As the book has pointed out in its earliest chapters, economic theory provides the most reasoned, and often the most powerful and leveraged, guidance for econometric modeling of productivity. The primal and dual relationships that are specified and estimated by functional representations in the form of the production, cost, revenue, and profit functions derive their interpretability from the regularity conditions that were utilized in specifying the production sets, distance functions, and in deriving cost, revenue, and profit functions. These regularity conditions are often difficult to impose with many of the flexible parametric functional forms we discussed in Chapter 6 and may be even more difficult to impose when the functional relationships are specified nonparametrically using kernel smoothers or other classical nonparametric methods. In the production setting monotonicity is often required, analogous to its requirement in models with rational preferences.
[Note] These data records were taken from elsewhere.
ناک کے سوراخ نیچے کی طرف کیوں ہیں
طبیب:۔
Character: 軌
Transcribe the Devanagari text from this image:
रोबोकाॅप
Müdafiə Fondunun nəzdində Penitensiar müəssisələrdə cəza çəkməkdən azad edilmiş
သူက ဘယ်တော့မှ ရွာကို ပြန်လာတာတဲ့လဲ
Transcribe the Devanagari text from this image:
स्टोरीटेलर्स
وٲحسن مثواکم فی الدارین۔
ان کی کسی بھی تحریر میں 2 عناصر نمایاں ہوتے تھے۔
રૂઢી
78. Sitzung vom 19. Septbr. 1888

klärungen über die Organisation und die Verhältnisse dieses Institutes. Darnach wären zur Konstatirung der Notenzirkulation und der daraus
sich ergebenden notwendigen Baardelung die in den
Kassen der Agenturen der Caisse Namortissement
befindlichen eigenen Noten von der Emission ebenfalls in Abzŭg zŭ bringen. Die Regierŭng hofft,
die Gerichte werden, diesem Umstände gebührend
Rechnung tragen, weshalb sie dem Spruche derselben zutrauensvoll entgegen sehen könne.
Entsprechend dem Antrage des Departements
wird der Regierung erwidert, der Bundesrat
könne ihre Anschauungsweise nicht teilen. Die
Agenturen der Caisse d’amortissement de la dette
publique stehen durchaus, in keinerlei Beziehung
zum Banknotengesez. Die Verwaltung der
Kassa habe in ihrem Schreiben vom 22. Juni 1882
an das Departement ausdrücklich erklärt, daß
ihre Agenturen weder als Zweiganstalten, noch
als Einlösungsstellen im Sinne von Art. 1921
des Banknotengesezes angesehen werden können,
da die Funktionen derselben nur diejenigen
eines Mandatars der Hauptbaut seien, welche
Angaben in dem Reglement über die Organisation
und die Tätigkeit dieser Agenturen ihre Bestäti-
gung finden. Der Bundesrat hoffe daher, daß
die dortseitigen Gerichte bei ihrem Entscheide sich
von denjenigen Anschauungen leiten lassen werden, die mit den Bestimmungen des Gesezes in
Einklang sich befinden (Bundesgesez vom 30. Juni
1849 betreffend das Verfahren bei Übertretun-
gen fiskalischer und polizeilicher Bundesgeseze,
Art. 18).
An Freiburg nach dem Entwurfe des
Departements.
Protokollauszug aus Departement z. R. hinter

Concavity of production functions have analogs in convex preferences and risk aversion in utility theory. Demand theory results in downward sloping demand curves for normal goods (Matzkin, 1991; Lewbel, 2010; Blundell et al., 2012), while production theory and duality provide us with implications of profit-maximizing behavior that require profit functions to be concave in output prices. Cost minimization yields cost functions that are monotonically increasing and concave in input prices. Auction theory and optimal bidding strategies that vary across auction formats and bidders’ preferences are based on monotonicity in bidders valuations. Derivative pricing models are highly leveraged on convex function estimation (Broadie et al., 2000; Aıt-Sahalia and Duarte, 2003; Yatchew and Härdle, 2006). Such considerations are ubiquitous in economics and it is essential that we address them in the context of the topic that our book in part endeavors to address, empirical productivity analysis.

In this chapter, we discuss several methods to deal with estimation of the primal production function utilizing semi- and nonparametric econometric specifications under monotonicity and curvature constraints. General reviews of this material can be found in Matzkin (1994) and Yatchew (2003, Chapter 6). Work that speaks to relatively recent extensions can be found in Hall and Huang (2001), Groeneboom et al. (2001), Horowitz et al. (2004), Carroll et al. (2011), Shively et al. (2011), Blundell et al. (2012), and Pya and Wood (2015), among others.

In previous chapters we were focusing on measuring production efficiency in various ways. We now know that one should use the technical efficiency measure if one is concerned with how well the technology potential is used (yet, recall that one still needs to choose an appropriate orientation of measurement – input or output or a mix of these). Furthermore, we learned that one should use cost or revenue (or profit) efficiency if, in addition, one is interested in how well different inputs or outputs (or both) are chosen or allocated with respect to the corresponding prices. The goal of this chapter is to discuss a closely related and, in fact, more general concept – the concept of productivity.

A roadmap for this chapter is useful. We will start by clarifying the differences and relationships between the two main themes of our book: efficiency, which we explored in detail in previous chapters, and productivity, which we will focus on in this chapter. We then consider different approaches to productivity measurement. We will start with the classical growth accounting approach and then move on to the economic approach using index numbers, where we will first consider price indexes, then quantity indexes and then productivity indexes. We also examine some of their decompositions and the relationships among them. After considering a wide range of approaches within the economic approach to index numbers, we will then show that the growth accounting approach can be considered as a restrictive special case. We will finish the chapter with a discussion of transitivity (or circularity) of indexes, what it means in general and for indexes in particular, and how desirable or critical and restrictive this particular property is for an economic index number. We then discuss the sacrifices one must make in order to preserve transitivity and how to mitigate problems with the index number approach when transitivity is not imposed. We conclude with brief remarks on the literature, which will be further discussed in Chapter 7.

PRODUCTIVITY VS. EFFICIENCY

While a lot has been done on efficiency measurement in production, it is a relatively modern area in economics and long before its academic origins, people already used, and still use, the notion of productivity.